__PROBLEM DESCRIPTION__:
Where a line contains "A robot hand's left thumb, seen", begin there and restate word for word every line to the end of the entries below, pictures excluded.

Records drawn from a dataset

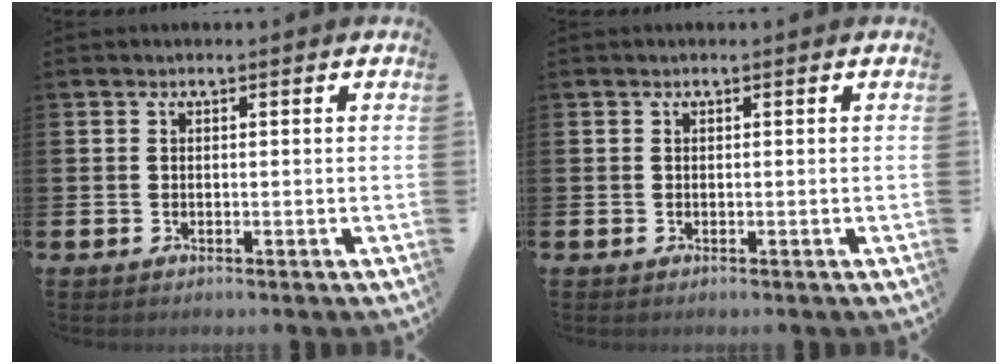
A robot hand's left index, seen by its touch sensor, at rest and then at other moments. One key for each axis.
{"total": 0.0}
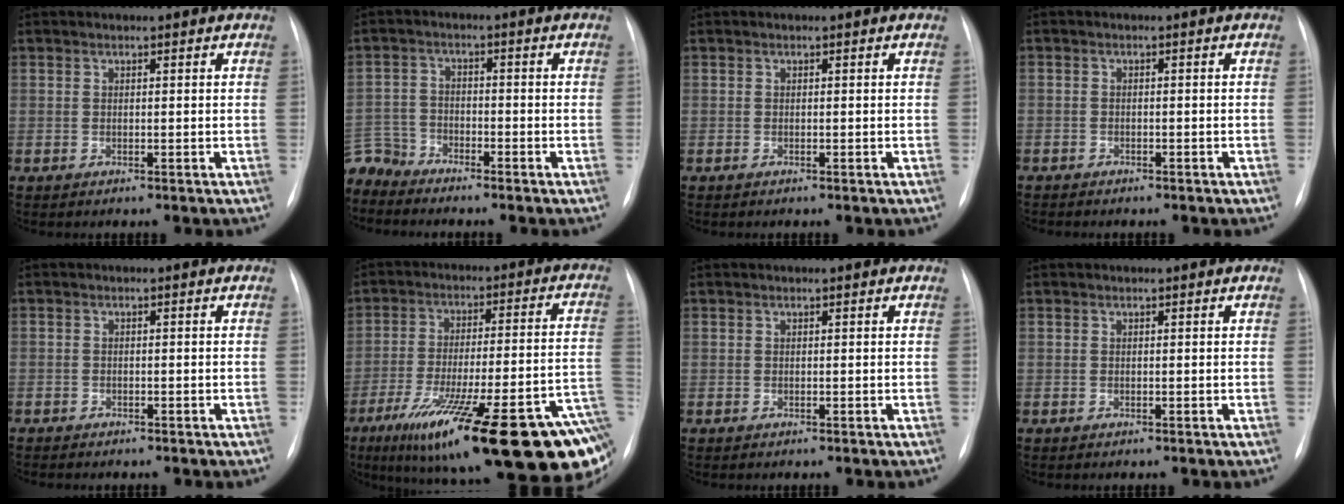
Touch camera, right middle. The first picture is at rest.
{"total": 5.8, "force": [-5.6, 1.4, -0.4], "torque": [0.007, 0.003, -0.116]}
{"total": 0.0}
{"total": 2.8, "force": [-2.4, 1.3, 0.9], "torque": [-0.017, 0.001, -0.027]}
{"total": 2.6, "force": [-2.2, 1.2, 0.8], "torque": [-0.015, 0.001, -0.025]}
{"total": 30.7, "force": [-16.6, 4.8, 25.4], "torque": [-0.286, -0.018, -0.249]}
{"total": 0.0}
{"total": 0.0}
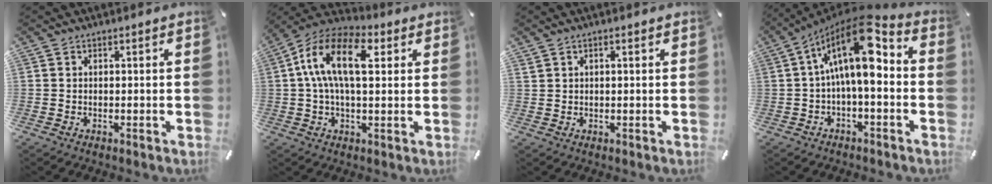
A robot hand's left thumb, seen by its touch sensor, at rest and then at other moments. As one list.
[{"total": 14.3, "force": [3.3, 7.7, 11.6], "torque": [-0.230, 0.005, 0.055]}, {"total": 1.0, "force": [0.5, 0.7, 0.5], "torque": [-0.012, 0.003, 0.008]}, {"total": 16.4, "force": [3.3, 6.8, 14.5], "torque": [-0.260, -0.015, 0.050]}]
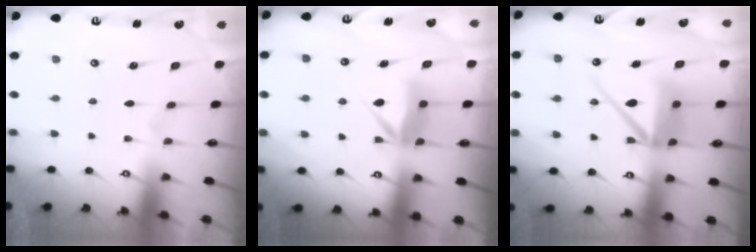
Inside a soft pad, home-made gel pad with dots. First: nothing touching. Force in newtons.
{"total": 7.7, "press": 7.7, "slide": 0.3}
{"total": 12.1, "press": 11.9, "slide": 1.8}
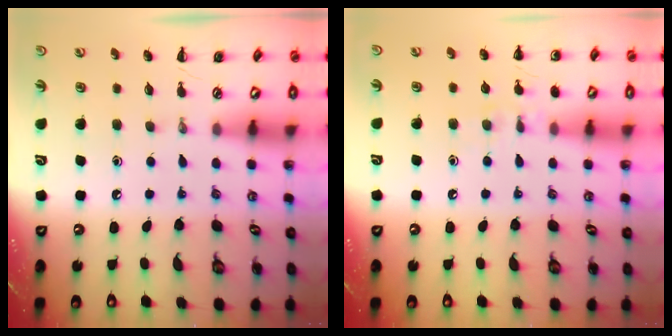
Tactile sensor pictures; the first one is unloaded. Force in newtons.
{"total": 7.2, "press": 6.9, "slide": 1.9}
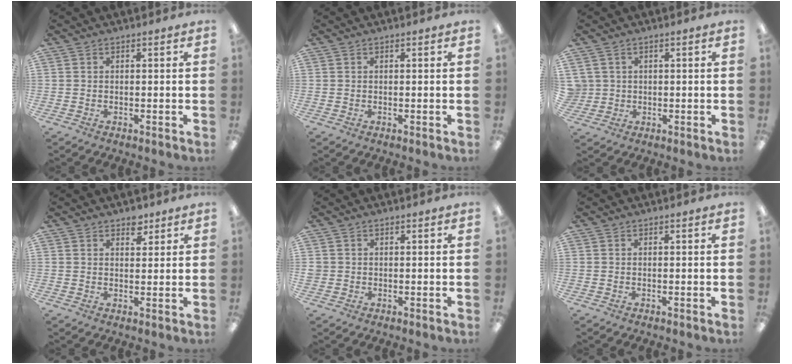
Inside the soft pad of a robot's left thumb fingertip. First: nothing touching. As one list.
[{"total": 0.0}, {"total": 2.6, "force": [0.7, 2.5, 0.0], "torque": [-0.009, 0.003, 0.013]}, {"total": 3.7, "force": [2.8, 2.0, 1.5], "torque": [-0.002, -0.017, 0.044]}, {"total": 1.1, "force": [0.0, 1.1, 0.2], "torque": [-0.005, 0.003, 0.000]}, {"total": 0.0}]
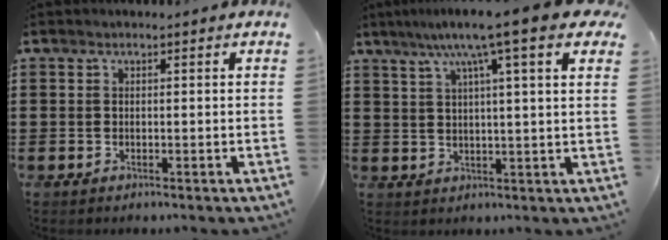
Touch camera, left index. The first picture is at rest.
{"total": 10.7, "force": [6.3, 1.0, 8.5], "torque": [-0.164, -0.009, 0.100]}
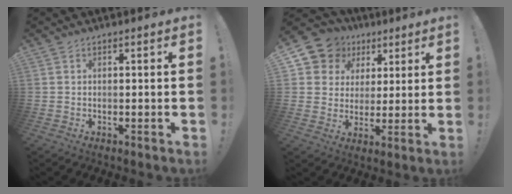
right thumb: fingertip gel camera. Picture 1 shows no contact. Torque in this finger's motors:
{"motor_torque": [0.19, 1.46, -0.07, 0.20, 0.02]}
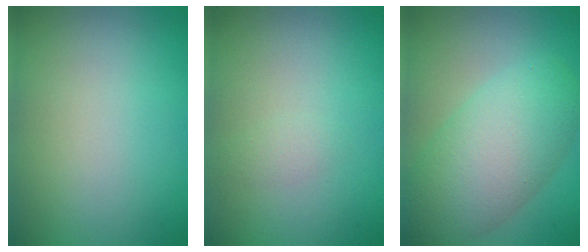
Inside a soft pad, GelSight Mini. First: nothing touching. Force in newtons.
{"total": 0.9, "press": 0.9, "slide": 0.0}
{"total": 7.6, "press": 7.6, "slide": 0.4}
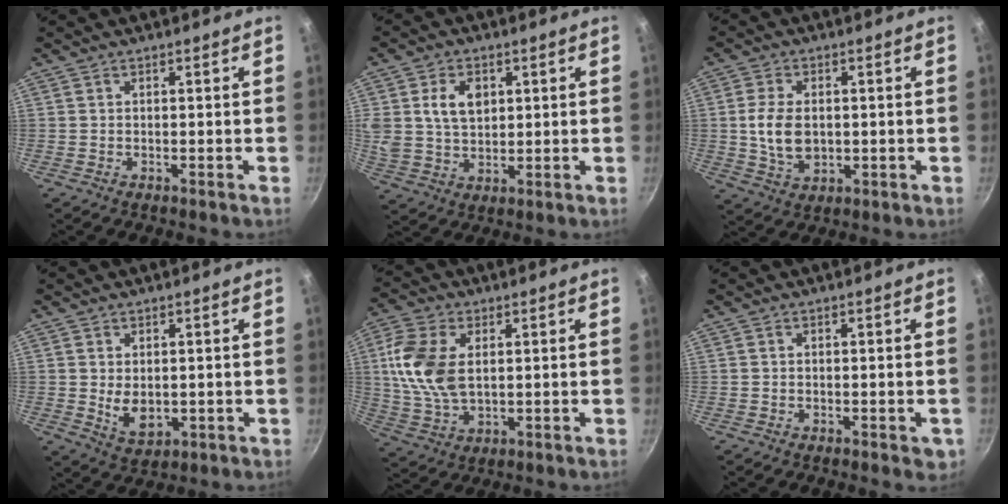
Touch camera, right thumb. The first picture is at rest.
{"total": 9.2, "force": [2.6, 6.6, 5.8], "torque": [-0.093, -0.006, 0.050]}
{"total": 8.5, "force": [0.2, 5.6, 6.4], "torque": [-0.114, -0.001, 0.009]}
{"total": 5.7, "force": [0.2, 3.8, 4.3], "torque": [-0.064, -0.014, 0.015]}
{"total": 12.4, "force": [2.1, 7.6, 9.6], "torque": [-0.188, -0.005, 0.040]}
{"total": 2.7, "force": [-0.8, 1.5, 2.1], "torque": [-0.022, -0.002, -0.010]}

__RESPONSE BOX__:
A robot hand's left thumb, seen by its touch sensor, at rest and then at other moments. As one list.
[{"total": 14.3, "force": [3.3, 7.7, 11.6], "torque": [-0.230, 0.005, 0.055]}, {"total": 1.0, "force": [0.5, 0.7, 0.5], "torque": [-0.012, 0.003, 0.008]}, {"total": 16.4, "force": [3.3, 6.8, 14.5], "torque": [-0.260, -0.015, 0.050]}]
Inside a soft pad, home-made gel pad with dots. First: nothing touching. Force in newtons.
{"total": 7.7, "press": 7.7, "slide": 0.3}
{"total": 12.1, "press": 11.9, "slide": 1.8}
Tactile sensor pictures; the first one is unloaded. Force in newtons.
{"total": 7.2, "press": 6.9, "slide": 1.9}
Inside the soft pad of a robot's left thumb fingertip. First: nothing touching. As one list.
[{"total": 0.0}, {"total": 2.6, "force": [0.7, 2.5, 0.0], "torque": [-0.009, 0.003, 0.013]}, {"total": 3.7, "force": [2.8, 2.0, 1.5], "torque": [-0.002, -0.017, 0.044]}, {"total": 1.1, "force": [0.0, 1.1, 0.2], "torque": [-0.005, 0.003, 0.000]}, {"total": 0.0}]
Touch camera, left index. The first picture is at rest.
{"total": 10.7, "force": [6.3, 1.0, 8.5], "torque": [-0.164, -0.009, 0.100]}
right thumb: fingertip gel camera. Picture 1 shows no contact. Torque in this finger's motors:
{"motor_torque": [0.19, 1.46, -0.07, 0.20, 0.02]}
Inside a soft pad, GelSight Mini. First: nothing touching. Force in newtons.
{"total": 0.9, "press": 0.9, "slide": 0.0}
{"total": 7.6, "press": 7.6, "slide": 0.4}
Touch camera, right thumb. The first picture is at rest.
{"total": 9.2, "force": [2.6, 6.6, 5.8], "torque": [-0.093, -0.006, 0.050]}
{"total": 8.5, "force": [0.2, 5.6, 6.4], "torque": [-0.114, -0.001, 0.009]}
{"total": 5.7, "force": [0.2, 3.8, 4.3], "torque": [-0.064, -0.014, 0.015]}
{"total": 12.4, "force": [2.1, 7.6, 9.6], "torque": [-0.188, -0.005, 0.040]}
{"total": 2.7, "force": [-0.8, 1.5, 2.1], "torque": [-0.022, -0.002, -0.010]}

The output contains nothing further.